First, I don't own a table saw (yet) so I start by making a jig for cutting studs and spacers. I use a thick board (at least 3/16" or thicker) as the jig block and glue a 1/8" x 3/8" board along the edge. I next measure 9 3/4" and 10" on the glued down board. I then glue a 2nd and 3rd board along the end of the first at those two measurements in that order with a 4th board that runs along the length of the block with 3/4" space between it and the 1st board. All you have to do to make studs is to set a board in one of those two slots and cut the board at the end with a modeler's or craft saw. The 10" boars are "king studs" (they go on the end of each wall) and the 9 3/4" boards are "jack studs". I usually use a 3/8" x 3/8" board for the king studs as they're either wall ends or corners. At the other end of the block I measure off 1" and glue a board at that location for the spacer jig. They're the boards that go between the studs along the runs.
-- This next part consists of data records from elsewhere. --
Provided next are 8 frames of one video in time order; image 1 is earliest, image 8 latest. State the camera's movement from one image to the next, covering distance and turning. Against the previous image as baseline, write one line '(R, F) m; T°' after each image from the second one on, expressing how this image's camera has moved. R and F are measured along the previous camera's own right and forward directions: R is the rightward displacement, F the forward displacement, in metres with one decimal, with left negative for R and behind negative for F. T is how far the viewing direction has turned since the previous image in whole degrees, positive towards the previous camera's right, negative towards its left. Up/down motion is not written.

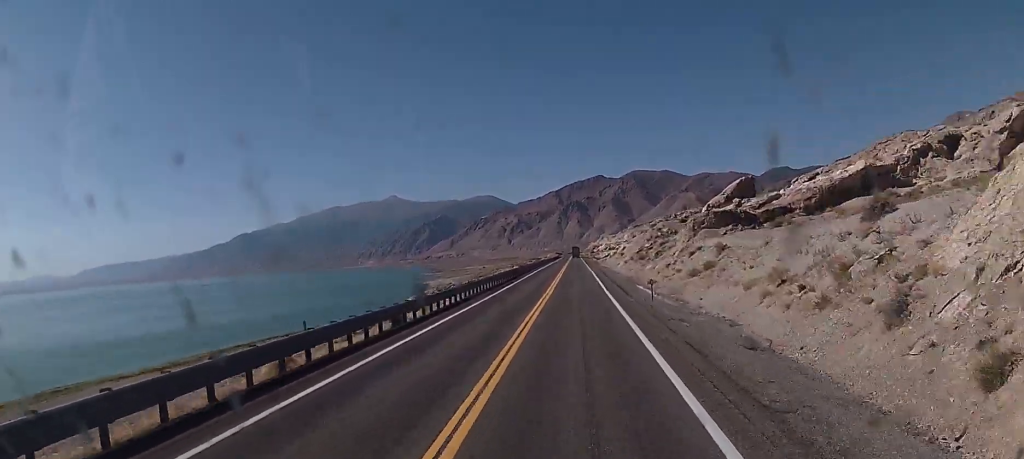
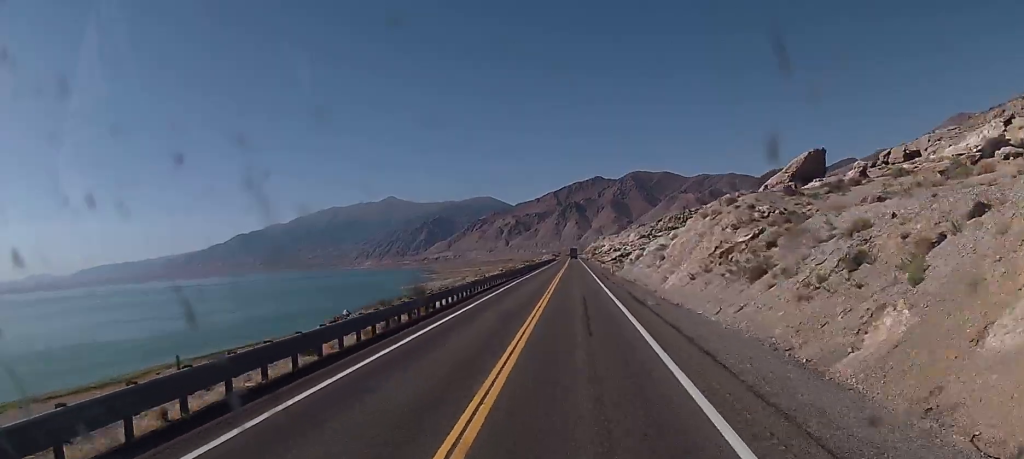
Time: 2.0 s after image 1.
(-0.1, +48.3) m; 0°
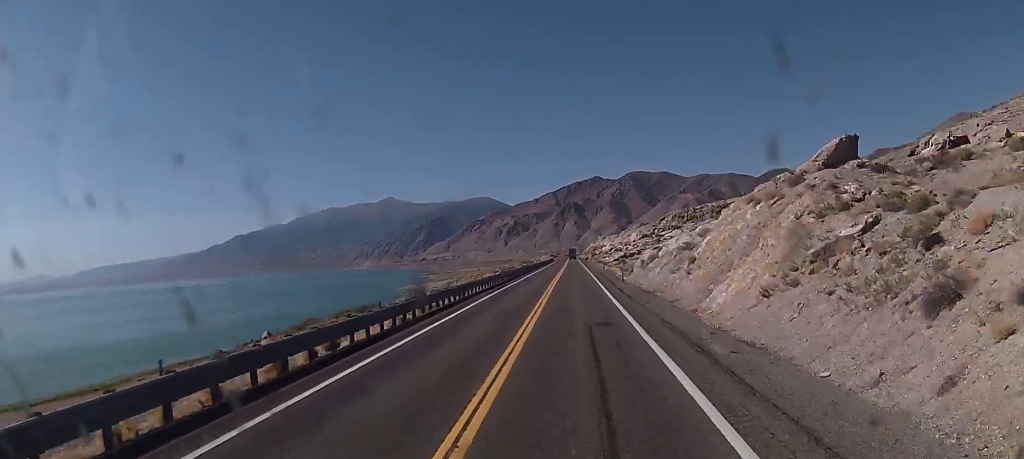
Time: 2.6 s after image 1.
(0.0, +14.5) m; 0°
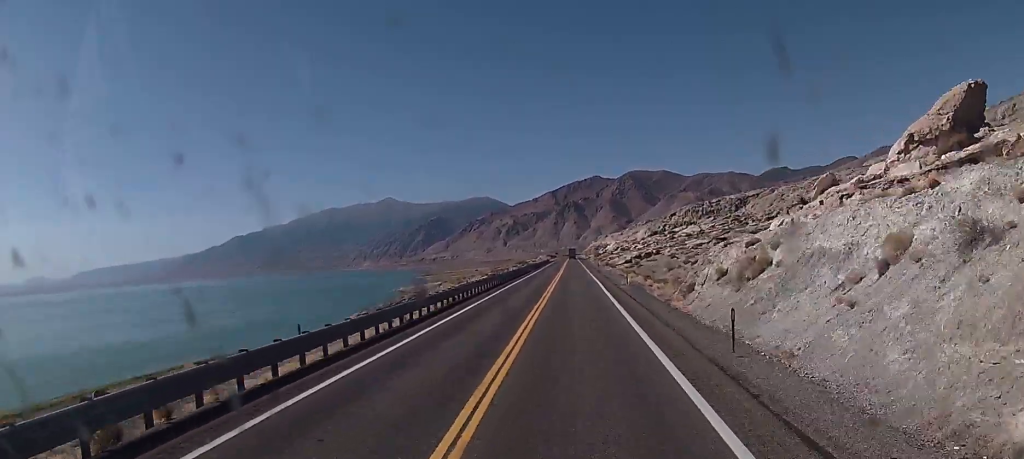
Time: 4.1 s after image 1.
(0.0, +38.0) m; 0°
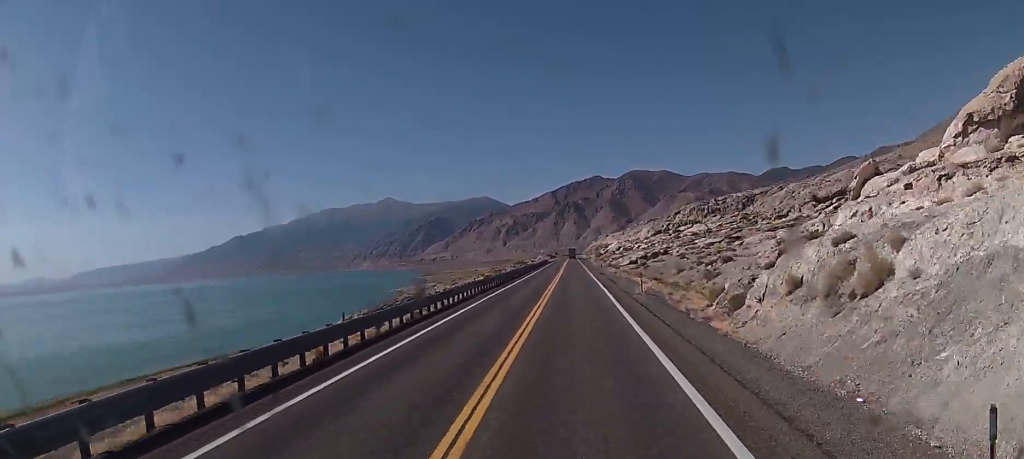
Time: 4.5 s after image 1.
(0.0, +12.2) m; 0°
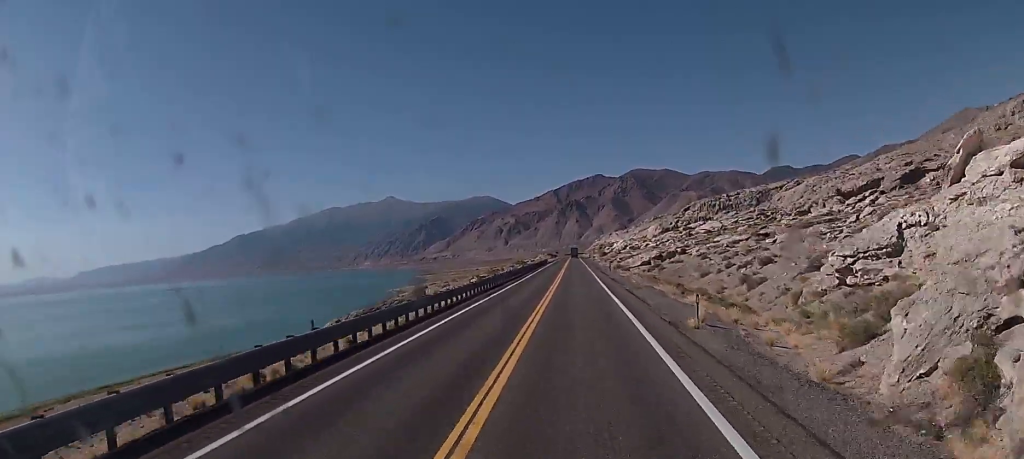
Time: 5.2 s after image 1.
(0.0, +19.7) m; 0°
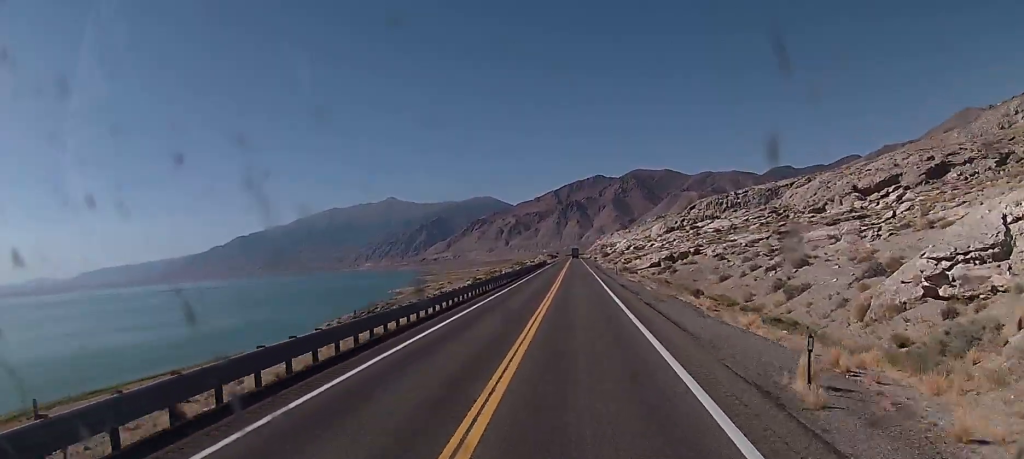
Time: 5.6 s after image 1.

My walls aren't true 2 x 4 walls. I use 1/8" x 3/8" boards to frame houses. That extra 1/8" of space is just right for electrical connections and doorframes. I start by measuring off the length of the wall I want to build and deduct 3/4" (for the 2 king studs) and cut 3 runs at that length. If there is a doorway in the plans I'll determine where the door will be and cut two runs accordingly. Next I glue a jack stud onto each of the king studs, centered with a 1/8" space at each end. I then mark the ends of each run at 1/8" and mark the run at intervals of 1", 1/8" until I reach the doorway or far end of the run. I usually line up the corresponding run along the first and use it as a guide to mark the intervals. I glue spacers over each of the pre-marked 1" intervals. I usually wrap all of these parts with masking tape until the glue dries, otherwise the boards may slide or warp from the moisture in the glue and dry misaligned. After everything has dried I'll dry-fit the jack studs into the 1/8" gaps along the runs. While it isn't necessary, I like to make a center run for each wall. I have been told that in real woodframing these are fire breaks, meant to slow the progress of a house fire, but I'm not certain that is the case. I like the added stability, so I install them. One way is to glue spacers in between each stud at the mid-point. The other option is to cut 1/8" notches half way through each jack stud at the mid-point and cut corresponding notches out of the center run. Either way, the state building inspector isn't going to pay anyone a visit anytime soon, so it doesn't really matter. After confirming that everything fits properly, I disassemble the wall and then glue everything in place, startng with the jack studs and runs. I secure the assembly with masking tape and set on a flat surface with a 1 gallon paint can or other heavy object to prevent warping.